The task calls for the count of lines containing "young" in these records, given as a number with no other words.

* **Data to examine**:
┄┄┄┄┄┄┄┄┄┄
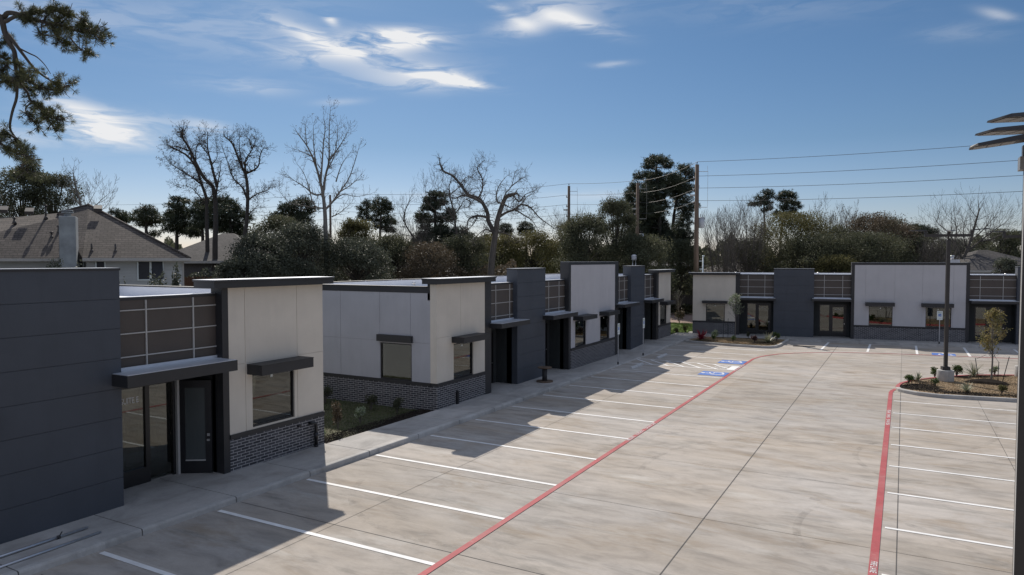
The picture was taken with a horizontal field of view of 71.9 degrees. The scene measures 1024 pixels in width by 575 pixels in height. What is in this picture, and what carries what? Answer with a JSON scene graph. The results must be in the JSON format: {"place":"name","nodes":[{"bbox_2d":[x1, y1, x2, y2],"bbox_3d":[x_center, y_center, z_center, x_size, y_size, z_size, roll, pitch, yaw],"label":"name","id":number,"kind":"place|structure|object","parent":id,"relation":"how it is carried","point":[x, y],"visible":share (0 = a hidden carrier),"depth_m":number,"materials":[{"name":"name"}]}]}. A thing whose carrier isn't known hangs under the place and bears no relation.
{"place":"outdoors","nodes":[
{"label":"outdoors","id":0,"kind":"place"},
{"bbox_2d":[0,333,707,574],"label":"sidewalk","id":1,"kind":"structure","parent":0,"point":[159,504],"depth_m":18.73,"materials":[{"name":"concrete"}]},
{"bbox_2d":[0,526,87,557],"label":"conduit pipe","id":2,"kind":"object","parent":1,"relation":"on","point":[41,542],"visible":1,"depth_m":14.46,"materials":[{"name":"grey metal"}]},
{"bbox_2d":[0,531,100,568],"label":"conduit pipe","id":3,"kind":"object","parent":1,"relation":"on","point":[47,550],"visible":1,"depth_m":14.07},
{"bbox_2d":[322,262,675,410],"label":"office building","id":4,"kind":"structure","parent":1,"relation":"on","point":[431,344],"depth_m":30.15,"materials":[{"name":"beige paint"}]},
{"bbox_2d":[381,342,411,380],"bbox_3d":[-4.625,2.963,28.383,1.580,1.470,0.090,1,3,29],"label":"window","id":5,"kind":"structure","parent":4,"relation":"in","point":[396,358],"depth_m":28.38,"materials":[{"name":"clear glass"}]},
{"bbox_2d":[454,342,471,378],"bbox_3d":[-2.065,2.955,29.091,0.090,1.430,1.490,1,3,29],"label":"window","id":6,"kind":"structure","parent":4,"relation":"in","point":[462,352],"depth_m":29.13,"materials":[{"name":"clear glass"}]},
{"bbox_2d":[575,321,584,346],"bbox_3d":[3.764,2.544,39.600,0.090,1.450,1.540,1,3,29],"label":"window","id":7,"kind":"structure","parent":4,"relation":"in","point":[579,325],"depth_m":39.65,"materials":[{"name":"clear glass"}]},
{"bbox_2d":[600,316,608,339],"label":"window","id":8,"kind":"structure","parent":4,"relation":"in","point":[604,320],"depth_m":42.93,"materials":[{"name":"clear glass"}]},
{"bbox_2d":[324,399,419,439],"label":"side yard grass","id":9,"kind":"structure","parent":0,"point":[381,413],"depth_m":26.91,"materials":[{"name":"green plant"}]},
{"bbox_2d":[331,401,342,430],"bbox_3d":[-5.966,4.397,24.042,0.390,1.119,0.438,0,2,-5],"label":"shrub","id":10,"kind":"object","parent":9,"relation":"on","point":[337,415],"visible":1,"depth_m":23.99,"materials":[{"name":"plant"}]},
{"bbox_2d":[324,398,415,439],"bbox_3d":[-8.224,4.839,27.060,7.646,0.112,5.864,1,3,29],"label":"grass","id":11,"kind":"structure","parent":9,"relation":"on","point":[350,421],"depth_m":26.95,"materials":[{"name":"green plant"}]},
{"bbox_2d":[324,409,433,443],"bbox_3d":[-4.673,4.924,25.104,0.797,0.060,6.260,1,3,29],"label":"mulch bed","id":12,"kind":"object","parent":9,"relation":"on","point":[394,421],"visible":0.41,"depth_m":26.18,"materials":[{"name":"brown wood"}]},
{"bbox_2d":[0,0,1023,254],"label":"sky","id":13,"kind":"structure","parent":0,"point":[579,92],"materials":[{"name":"blue"}]},
{"bbox_2d":[33,341,1017,574],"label":"parking lot","id":14,"kind":"structure","parent":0,"point":[559,532],"depth_m":18.37,"materials":[{"name":"concrete"}]},
{"bbox_2d":[41,344,1014,574],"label":"pavement joints","id":15,"kind":"object","parent":14,"relation":"on","point":[700,464],"visible":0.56,"depth_m":18.04,"materials":[{"name":"grey concrete"}]},
{"bbox_2d":[99,342,1017,574],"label":"stall lines","id":16,"kind":"object","parent":14,"relation":"on","point":[135,563],"visible":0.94,"depth_m":18.92,"materials":[{"name":"white paint"}]},
{"bbox_2d":[418,352,1017,574],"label":"fire lane stripe","id":17,"kind":"object","parent":14,"relation":"on","point":[875,544],"visible":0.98,"depth_m":18.02,"materials":[{"name":"red paint"}]},
{"bbox_2d":[685,336,788,347],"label":"planter kerb","id":18,"kind":"structure","parent":14,"relation":"on","point":[742,345],"depth_m":49.45,"materials":[{"name":"concrete"}]},
{"bbox_2d":[690,337,783,345],"bbox_3d":[16.260,3.874,51.386,6.277,0.001,5.004,1,3,29],"label":"planter bed","id":19,"kind":"object","parent":18,"relation":"in","point":[739,340],"visible":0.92,"depth_m":51.56,"materials":[{"name":"plant"}]},
{"bbox_2d":[688,255,1020,343],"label":"office building","id":20,"kind":"structure","parent":14,"relation":"on","point":[889,301],"depth_m":52.19,"materials":[{"name":"beige paint"}]},
{"bbox_2d":[706,304,724,320],"bbox_3d":[16.112,1.993,55.964,1.440,1.400,0.090,1,2,20],"label":"window","id":21,"kind":"structure","parent":20,"relation":"in","point":[714,312],"depth_m":55.96,"materials":[{"name":"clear glass"}]},
{"bbox_2d":[757,304,769,333],"bbox_3d":[19.848,2.478,55.766,0.940,2.365,0.140,1,2,20],"label":"door","id":22,"kind":"structure","parent":20,"relation":"in","point":[763,310],"depth_m":55.77,"materials":[{"name":"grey glass"}]},
{"bbox_2d":[831,305,844,336],"bbox_3d":[24.863,2.549,53.908,1.000,2.365,0.140,1,2,20],"label":"door","id":23,"kind":"structure","parent":20,"relation":"in","point":[837,311],"depth_m":53.91,"materials":[{"name":"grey glass"}]},
{"bbox_2d":[869,306,892,325],"bbox_3d":[27.064,2.093,51.907,1.560,1.410,0.090,1,2,20],"label":"window","id":24,"kind":"structure","parent":20,"relation":"in","point":[878,315],"depth_m":51.89,"materials":[{"name":"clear glass"}]},
{"bbox_2d":[925,307,950,327],"bbox_3d":[30.528,2.142,50.624,1.610,1.410,0.090,1,2,20],"label":"window","id":25,"kind":"structure","parent":20,"relation":"in","point":[931,320],"depth_m":50.70,"materials":[{"name":"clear glass"}]},
{"bbox_2d":[896,374,1016,401],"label":"island kerb","id":26,"kind":"structure","parent":14,"relation":"on","point":[948,396],"depth_m":30.60,"materials":[{"name":"concrete"}]},
{"bbox_2d":[902,375,1017,397],"bbox_3d":[25.911,4.614,32.028,15.565,0.001,7.396,1,2,20],"label":"island bed","id":27,"kind":"object","parent":14,"relation":"on","point":[977,385],"visible":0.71,"depth_m":32.74,"materials":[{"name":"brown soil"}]},
{"bbox_2d":[910,228,988,381],"bbox_3d":[20.987,0.859,34.020,3.400,7.403,0.990,1,2,15],"label":"lamp post","id":28,"kind":"object","parent":27,"relation":"on","point":[945,372],"visible":0.96,"depth_m":34.06,"materials":[{"name":"metal"}]},
{"bbox_2d":[903,380,1016,397],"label":"mulch chips","id":29,"kind":"object","parent":27,"relation":"on","point":[926,388],"visible":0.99,"depth_m":31.53,"materials":[{"name":"brown wood"}]},
{"bbox_2d":[964,379,1010,385],"bbox_3d":[22.695,4.500,33.839,2.015,0.120,1.607,1,3,29],"label":"mulch ring","id":30,"kind":"object","parent":27,"relation":"on","point":[988,381],"visible":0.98,"depth_m":33.48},
{"bbox_2d":[975,307,1012,378],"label":"young tree","id":31,"kind":"object","parent":27,"relation":"on","point":[994,313],"visible":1,"depth_m":34.50,"materials":[{"name":"green plant"}]},
{"bbox_2d":[969,112,1023,574],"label":"lamp post","id":32,"kind":"object","parent":14,"relation":"on","point":[1018,550],"visible":1,"depth_m":8.10,"materials":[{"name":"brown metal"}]},
{"bbox_2d":[164,234,1018,265],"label":"distant woods","id":33,"kind":"object","parent":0,"point":[170,242],"visible":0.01,"depth_m":115.23,"materials":[{"name":"plant"}]},
{"bbox_2d":[670,313,692,322],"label":"dirt strip","id":34,"kind":"object","parent":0,"point":[687,317],"depth_m":72.57,"materials":[{"name":"beige soil"}]},
{"bbox_2d":[655,238,710,312],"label":"leafy tree","id":35,"kind":"object","parent":34,"relation":"on","point":[681,247],"visible":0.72,"depth_m":76.78,"materials":[{"name":"green plant"}]},
{"bbox_2d":[713,238,793,271],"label":"leafy tree","id":36,"kind":"object","parent":34,"relation":"on","point":[770,269],"visible":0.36,"depth_m":70.65,"materials":[{"name":"green plant"}]},
{"bbox_2d":[688,331,1017,349],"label":"front walk","id":37,"kind":"structure","parent":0,"point":[969,344],"depth_m":50.70,"materials":[{"name":"concrete"}]},
{"label":"ground","id":38,"kind":"structure","parent":0,"visible":0},
{"bbox_2d":[0,166,65,217],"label":"leafy tree","id":39,"kind":"object","parent":38,"relation":"on","point":[10,199],"visible":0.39,"depth_m":66.45,"materials":[{"name":"green plant"}]},
{"bbox_2d":[10,169,93,215],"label":"leafy tree","id":40,"kind":"object","parent":38,"relation":"on","point":[50,180],"visible":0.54,"depth_m":66.76,"materials":[{"name":"green plant"}]},
{"bbox_2d":[0,0,115,182],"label":"pine tree","id":41,"kind":"object","parent":38,"relation":"on","point":[55,26],"visible":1,"depth_m":23.94,"materials":[{"name":"green plant"}]},
{"bbox_2d":[57,158,118,215],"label":"bare tree","id":42,"kind":"object","parent":38,"relation":"on","point":[78,196],"visible":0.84,"depth_m":49.86,"materials":[{"name":"brown plant"}]},
{"bbox_2d":[0,204,190,285],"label":"house","id":43,"kind":"structure","parent":38,"relation":"on","point":[91,236],"depth_m":37.01,"materials":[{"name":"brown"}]},
{"bbox_2d":[137,262,150,280],"bbox_3d":[-19.301,-0.934,37.050,0.635,1.128,0.030,-1,2,-26],"label":"window","id":44,"kind":"structure","parent":43,"relation":"in","point":[143,268],"depth_m":37.04,"materials":[{"name":"grey glass"}]},
{"bbox_2d":[150,262,163,279],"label":"window","id":45,"kind":"structure","parent":43,"relation":"in","point":[157,268],"depth_m":37.26,"materials":[{"name":"black glass"}]},
{"bbox_2d":[108,207,131,223],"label":"pine tree","id":46,"kind":"object","parent":38,"relation":"on","point":[122,215],"visible":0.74,"depth_m":73.59,"materials":[{"name":"green plant"}]},
{"bbox_2d":[126,202,165,237],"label":"pine tree","id":47,"kind":"object","parent":38,"relation":"on","point":[144,216],"visible":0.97,"depth_m":69.63,"materials":[{"name":"green plant"}]},
{"bbox_2d":[0,268,334,543],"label":"office building","id":48,"kind":"structure","parent":38,"relation":"on","point":[111,388],"depth_m":17.53,"materials":[{"name":"grey metal"}]},
{"bbox_2d":[179,380,212,472],"bbox_3d":[-8.614,3.783,19.231,0.877,2.530,0.120,0,2,-3],"label":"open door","id":49,"kind":"structure","parent":48,"relation":"in","point":[195,396],"depth_m":19.22,"materials":[{"name":"metal"}]},
{"bbox_2d":[252,371,293,426],"bbox_3d":[-7.043,3.190,20.734,0.090,1.500,1.580,1,3,29],"label":"window","id":50,"kind":"structure","parent":48,"relation":"in","point":[273,398],"depth_m":20.74,"materials":[{"name":"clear glass"}]},
{"bbox_2d":[158,194,192,249],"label":"pine tree","id":51,"kind":"object","parent":38,"relation":"on","point":[175,219],"visible":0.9,"depth_m":65.19,"materials":[{"name":"green plant"}]},
{"bbox_2d":[156,120,228,274],"bbox_3d":[-23.635,-4.201,52.299,6.423,16.500,2.504,0,2,9],"label":"bare tree","id":52,"kind":"object","parent":38,"relation":"on","point":[214,191],"visible":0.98,"depth_m":51.84,"materials":[{"name":"brown plant"}]},
{"bbox_2d":[158,124,232,251],"bbox_3d":[-23.840,-4.272,53.035,4.610,16.585,3.329,0,2,8],"label":"bare tree","id":53,"kind":"object","parent":38,"relation":"on","point":[206,202],"visible":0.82,"depth_m":52.88,"materials":[{"name":"brown plant"}]},
{"bbox_2d":[182,196,229,240],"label":"pine tree","id":54,"kind":"object","parent":38,"relation":"on","point":[195,228],"visible":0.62,"depth_m":63.13,"materials":[{"name":"green plant"}]},
{"bbox_2d":[178,233,285,276],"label":"house","id":55,"kind":"structure","parent":38,"relation":"on","point":[201,258],"depth_m":52.72,"materials":[{"name":"grey"}]},
{"bbox_2d":[210,192,256,236],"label":"pine tree","id":56,"kind":"object","parent":38,"relation":"on","point":[233,215],"visible":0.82,"depth_m":63.04,"materials":[{"name":"green plant"}]},
{"bbox_2d":[208,254,272,278],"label":"leafy tree","id":57,"kind":"object","parent":38,"relation":"on","point":[227,269],"visible":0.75,"depth_m":41.52,"materials":[{"name":"green plant"}]},
{"bbox_2d":[210,123,282,236],"bbox_3d":[-19.014,-3.884,50.728,6.055,15.987,3.405,1,2,16],"label":"bare tree","id":58,"kind":"object","parent":38,"relation":"on","point":[242,162],"visible":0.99,"depth_m":49.90,"materials":[{"name":"brown plant"}]},
{"bbox_2d":[223,231,305,277],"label":"leafy tree","id":59,"kind":"object","parent":38,"relation":"on","point":[249,245],"visible":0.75,"depth_m":43.42,"materials":[{"name":"green plant"}]},
{"bbox_2d":[241,214,318,272],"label":"leafy tree","id":60,"kind":"object","parent":38,"relation":"on","point":[277,221],"visible":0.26,"depth_m":60.77,"materials":[{"name":"green plant"}]},
{"bbox_2d":[268,195,319,231],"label":"pine tree","id":61,"kind":"object","parent":38,"relation":"on","point":[300,214],"visible":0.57,"depth_m":69.23,"materials":[{"name":"green plant"}]},
{"bbox_2d":[267,220,341,279],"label":"leafy tree","id":62,"kind":"object","parent":38,"relation":"on","point":[310,243],"visible":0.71,"depth_m":45.32,"materials":[{"name":"green plant"}]},
{"bbox_2d":[274,102,376,276],"bbox_3d":[-12.661,-4.516,47.647,6.934,17.486,4.784,-1,2,-15],"label":"bare tree","id":63,"kind":"object","parent":38,"relation":"on","point":[323,196],"visible":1,"depth_m":47.89,"materials":[{"name":"brown plant"}]},
{"bbox_2d":[315,236,400,280],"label":"leafy tree","id":64,"kind":"object","parent":38,"relation":"on","point":[366,253],"visible":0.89,"depth_m":46.34,"materials":[{"name":"green plant"}]},
{"bbox_2d":[335,217,381,280],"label":"leafy tree","id":65,"kind":"object","parent":38,"relation":"on","point":[361,228],"visible":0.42,"depth_m":59.35,"materials":[{"name":"green plant"}]},
{"bbox_2d":[354,198,371,222],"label":"pine tree","id":66,"kind":"object","parent":38,"relation":"on","point":[364,210],"visible":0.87,"depth_m":87.77,"materials":[{"name":"green plant"}]},
{"bbox_2d":[366,195,398,279],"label":"pine tree","id":67,"kind":"object","parent":38,"relation":"on","point":[386,219],"visible":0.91,"depth_m":83.90,"materials":[{"name":"green plant"}]},
{"bbox_2d":[366,233,422,279],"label":"leafy tree","id":68,"kind":"object","parent":38,"relation":"on","point":[392,243],"visible":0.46,"depth_m":57.08,"materials":[{"name":"green plant"}]},
{"bbox_2d":[388,183,437,257],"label":"bare tree","id":69,"kind":"object","parent":38,"relation":"on","point":[407,212],"visible":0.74,"depth_m":65.91,"materials":[{"name":"brown plant"}]},
{"bbox_2d":[387,212,442,276],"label":"twiggy tree","id":70,"kind":"object","parent":38,"relation":"on","point":[411,227],"visible":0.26,"depth_m":59.53,"materials":[{"name":"brown plant"}]},
{"bbox_2d":[334,259,516,280],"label":"undergrowth","id":71,"kind":"object","parent":38,"relation":"on","point":[501,268],"visible":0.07,"depth_m":57.35,"materials":[{"name":"green plant"}]},
{"bbox_2d":[391,241,466,278],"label":"leafy tree","id":72,"kind":"object","parent":38,"relation":"on","point":[429,268],"visible":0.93,"depth_m":55.07,"materials":[{"name":"green plant"}]},
{"bbox_2d":[413,158,481,258],"bbox_3d":[-5.698,-4.204,64.662,6.679,15.561,4.891,-1,3,-30],"label":"bare tree","id":73,"kind":"object","parent":38,"relation":"on","point":[453,214],"visible":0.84,"depth_m":63.95,"materials":[{"name":"brown plant"}]},
{"bbox_2d":[434,233,503,276],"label":"leafy tree","id":74,"kind":"object","parent":38,"relation":"on","point":[458,243],"visible":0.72,"depth_m":58.92,"materials":[{"name":"green plant"}]},
{"bbox_2d":[432,149,561,275],"bbox_3d":[-1.300,-3.594,55.709,10.882,15.026,5.605,0,2,4],"label":"bare tree","id":75,"kind":"object","parent":38,"relation":"on","point":[494,230],"visible":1,"depth_m":54.87,"materials":[{"name":"brown plant"}]},
{"bbox_2d":[618,153,678,266],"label":"pine tree","id":76,"kind":"object","parent":38,"relation":"on","point":[653,223],"visible":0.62,"depth_m":82.77,"materials":[{"name":"green plant"}]},
{"bbox_2d":[659,162,700,294],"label":"pine tree","id":77,"kind":"object","parent":38,"relation":"on","point":[686,214],"visible":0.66,"depth_m":86.27,"materials":[{"name":"green plant"}]},
{"bbox_2d":[699,204,756,271],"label":"twiggy tree","id":78,"kind":"object","parent":38,"relation":"on","point":[725,264],"visible":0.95,"depth_m":67.88,"materials":[{"name":"brown plant"}]},
{"bbox_2d":[715,194,775,271],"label":"twiggy tree","id":79,"kind":"object","parent":38,"relation":"on","point":[754,269],"visible":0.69,"depth_m":69.28,"materials":[{"name":"brown plant"}]},
{"bbox_2d":[745,188,777,248],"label":"pine tree","id":80,"kind":"object","parent":38,"relation":"on","point":[768,195],"visible":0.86,"depth_m":91.94,"materials":[{"name":"green plant"}]},
{"bbox_2d":[771,188,806,253],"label":"pine tree","id":81,"kind":"object","parent":38,"relation":"on","point":[784,196],"visible":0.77,"depth_m":91.55,"materials":[{"name":"green plant"}]},
{"bbox_2d":[739,209,853,271],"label":"leafy tree","id":82,"kind":"object","parent":38,"relation":"on","point":[806,225],"visible":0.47,"depth_m":72.60,"materials":[{"name":"green plant"}]},
{"bbox_2d":[766,233,857,271],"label":"leafy tree","id":83,"kind":"object","parent":38,"relation":"on","point":[797,245],"visible":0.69,"depth_m":68.76,"materials":[{"name":"green plant"}]},
{"bbox_2d":[810,254,856,272],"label":"leafy tree","id":84,"kind":"object","parent":38,"relation":"on","point":[839,263],"visible":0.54,"depth_m":65.51,"materials":[{"name":"green plant"}]},
{"bbox_2d":[809,194,861,255],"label":"twiggy tree","id":85,"kind":"object","parent":38,"relation":"on","point":[838,222],"visible":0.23,"depth_m":78.95,"materials":[{"name":"brown plant"}]},
{"bbox_2d":[805,224,870,260],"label":"leafy tree","id":86,"kind":"object","parent":38,"relation":"on","point":[836,229],"visible":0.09,"depth_m":76.43,"materials":[{"name":"green plant"}]},
{"bbox_2d":[823,231,927,269],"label":"leafy tree","id":87,"kind":"object","parent":38,"relation":"on","point":[861,243],"visible":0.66,"depth_m":68.20,"materials":[{"name":"green plant"}]},
{"bbox_2d":[836,210,928,262],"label":"leafy tree","id":88,"kind":"object","parent":38,"relation":"on","point":[876,220],"visible":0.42,"depth_m":74.34,"materials":[{"name":"green plant"}]},
{"bbox_2d":[889,234,952,262],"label":"leafy tree","id":89,"kind":"object","parent":38,"relation":"on","point":[916,239],"visible":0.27,"depth_m":72.84,"materials":[{"name":"green plant"}]},
{"bbox_2d":[914,230,965,262],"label":"tree","id":90,"kind":"object","parent":38,"relation":"on","point":[932,257],"visible":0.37,"depth_m":65.59,"materials":[{"name":"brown plant"}]},
{"bbox_2d":[916,186,1021,258],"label":"bare tree","id":91,"kind":"object","parent":38,"relation":"on","point":[970,240],"visible":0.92,"depth_m":69.89,"materials":[{"name":"brown plant"}]},
{"bbox_2d":[938,250,1020,272],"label":"house","id":92,"kind":"structure","parent":38,"relation":"on","point":[980,261],"depth_m":68.15,"materials":[{"name":"beige"}]},
{"bbox_2d":[973,228,1021,257],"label":"leafy tree","id":93,"kind":"object","parent":38,"relation":"on","point":[1008,242],"visible":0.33,"depth_m":81.29,"materials":[{"name":"green plant"}]},
{"bbox_2d":[991,256,1020,272],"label":"leafy tree","id":94,"kind":"object","parent":38,"relation":"on","point":[1006,265],"visible":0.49,"depth_m":59.87,"materials":[{"name":"green plant"}]},
{"label":"lawn","id":95,"kind":"structure","parent":0,"visible":0},
{"bbox_2d":[412,189,459,262],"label":"pine tree","id":96,"kind":"object","parent":95,"relation":"on","point":[424,206],"visible":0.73,"depth_m":67.60,"materials":[{"name":"green plant"}]},
{"bbox_2d":[411,224,477,259],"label":"tree","id":97,"kind":"object","parent":95,"relation":"on","point":[441,234],"visible":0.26,"depth_m":65.65,"materials":[{"name":"green plant"}]},
{"bbox_2d":[469,232,530,275],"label":"leafy tree","id":98,"kind":"object","parent":95,"relation":"on","point":[503,248],"visible":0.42,"depth_m":64.69,"materials":[{"name":"green plant"}]},
{"bbox_2d":[504,229,564,273],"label":"leafy tree","id":99,"kind":"object","parent":95,"relation":"on","point":[535,242],"visible":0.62,"depth_m":65.10,"materials":[{"name":"green plant"}]},
{"bbox_2d":[547,212,624,271],"bbox_3d":[6.139,-1.299,60.122,6.662,10.113,5.894,0,2,-3],"label":"leafy tree","id":100,"kind":"object","parent":95,"relation":"on","point":[583,247],"visible":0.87,"depth_m":58.89,"materials":[{"name":"green plant"}]},
{"bbox_2d":[589,196,641,272],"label":"leafy tree","id":101,"kind":"object","parent":95,"relation":"on","point":[618,208],"visible":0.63,"depth_m":61.35,"materials":[{"name":"green plant"}]},
{"bbox_2d":[600,233,683,293],"bbox_3d":[11.065,-0.441,60.259,6.978,8.381,6.858,-1,2,-21],"label":"leafy tree","id":102,"kind":"object","parent":95,"relation":"on","point":[638,244],"visible":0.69,"depth_m":58.95,"materials":[{"name":"green plant"}]},
{"bbox_2d":[690,162,707,271],"bbox_3d":[16.427,-3.734,62.249,1.562,14.606,0.540,0,2,0],"label":"utility pole","id":103,"kind":"object","parent":95,"relation":"on","point":[698,222],"visible":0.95,"depth_m":62.03,"materials":[{"name":"brown wood"}]},
{"bbox_2d":[134,146,965,204],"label":"power line","id":104,"kind":"object","parent":103,"relation":"attached to","point":[641,180],"visible":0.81,"depth_m":66.16,"materials":[{"name":"metal"}]},
{"bbox_2d":[250,191,1022,223],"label":"power line","id":105,"kind":"object","parent":103,"relation":"attached to","point":[788,199],"visible":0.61,"depth_m":57.66,"materials":[{"name":"metal"}]},
{"bbox_2d":[255,175,1022,215],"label":"power line","id":106,"kind":"object","parent":103,"relation":"attached to","point":[742,187],"visible":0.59,"depth_m":58.25,"materials":[{"name":"metal"}]},
{"bbox_2d":[262,160,1017,207],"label":"power line","id":107,"kind":"object","parent":103,"relation":"attached to","point":[725,175],"visible":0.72,"depth_m":59.15,"materials":[{"name":"metal"}]},
{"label":"planter mulch","id":108,"kind":"structure","parent":0,"visible":0},
{"bbox_2d":[727,293,743,337],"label":"young tree","id":109,"kind":"object","parent":108,"relation":"on","point":[733,302],"visible":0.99,"depth_m":52.97,"materials":[{"name":"green plant"}]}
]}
┄┄┄┄┄┄┄┄┄┄
* **Answer box**: 2